This topic describes how to use the data demo to generate data that simulates data in a real environment and can be used in subsequent data analytics.

Prerequisites

  • A Tablestore instance is created in the China (Beijing) region. The instance name and endpoint for connecting to the instance are obtained. You can log on to the Tablestore console and click the instance in the Instance Name column on the Overview or All Instances page to obtain the endpoint for connecting to the instance. If you connect to the instance from a region different from that of the instance, we recommend that you use the public endpoint. For more information, see Prepare the environment.
  • The AccessKey ID and AccessKey secret of your Alibaba Cloud account are obtained.

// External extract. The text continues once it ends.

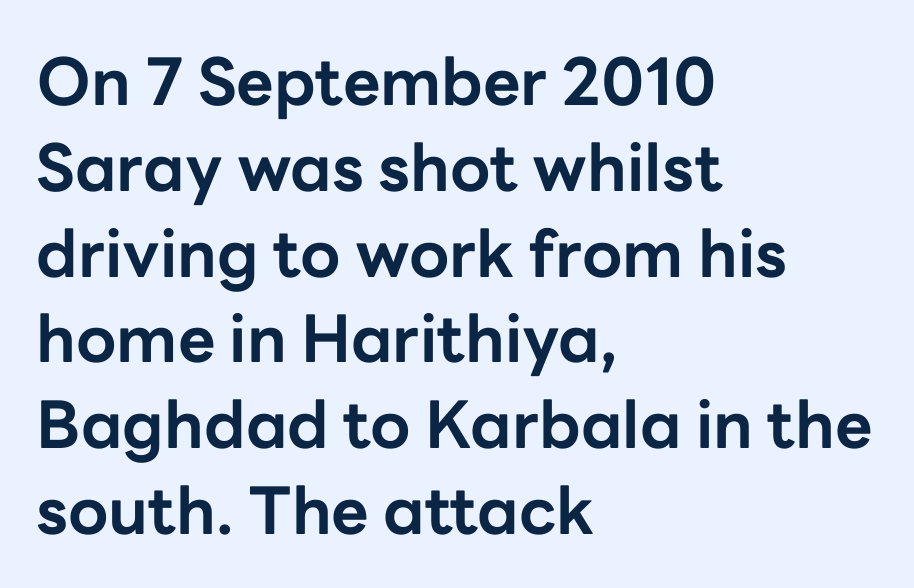
Nobody drew a line under any word here. Words appear dense and cohesive because spacing is normal. Regarding leading, the lines here are spaced in the standard way. The rag falls on the right side of this text block.

You can log on to the Alibaba Cloud Management Console by using your Alibaba Cloud account and view the AccessKey ID and AccessKey secret on the Security Management page.
    Note The AccessKey ID and AccessKey secret of your Alibaba Cloud account are the credentials for accessing Alibaba Cloud APIs. Make sure that you keep your AccessKey pair safe.

Procedure

  1. Download the data demo package.
    You can download one of the following data demo packages based on your operating system. In this topic, the Windows 7 64-bit operating system is used.
  2. Configure the data demo.
    Decompress the data demo package and edit the app.conf file in the conf directory.Configure the environment

    The following content is in the app.conf file:

    endpoint = "https://workshop-bj-001.cn-beijing.ots.aliyuncs.com"
    instanceName = "workshop-bj-001"
    accessKeyId = "LTAIF24u7g******"
    accessKeySecret = "CcwFeF3sWTPy0wsKULMw34Px******"
    usercount = "200"
    daysCount = "7"
    You must specify the following parameters:
    • endpoint: the endpoint used to connect to the Tablestore instance. We recommend that you use the public endpoint.
    • instanceName: the name of the Tablestore instance.
    • accessKeyId and accessKeySecret: the AccessKey pair that is used to access Alibaba Cloud APIs.
  3. Start the data demo to prepare test data.
    1. Start Command Prompt in Windows, go to the directory where the data demo resides, and run the following command to view the usage of commands that are related to the data demo:
      workshop_demo.exe -h
      The command returns the following results:
      workshop_demo.exe -h  
      * prepare: Prepare test data, create data tables, and generate behavior logs of a week for users based on the user count specified in the app.conf file.
      * raw ${userid} ${date} ${Top log count}: Query a specified number of logs of the specified user on the specified date.
      * new/day_active/month_active/day_pv/month_pv: Query data of the following specific types in the result table. new: new users. day_active: daily active users. month_active: monthly active users. day_pv: daily page views (PVs). month_pv: monthly PVs.
    2. Run the following command to prepare test data:
      workshop_demo.exe prepare
      The following figure shows the command output.Prepare test data

    In this process, the data demo automatically creates two tables in Tablestore. The following tables describe the columns in the created tables.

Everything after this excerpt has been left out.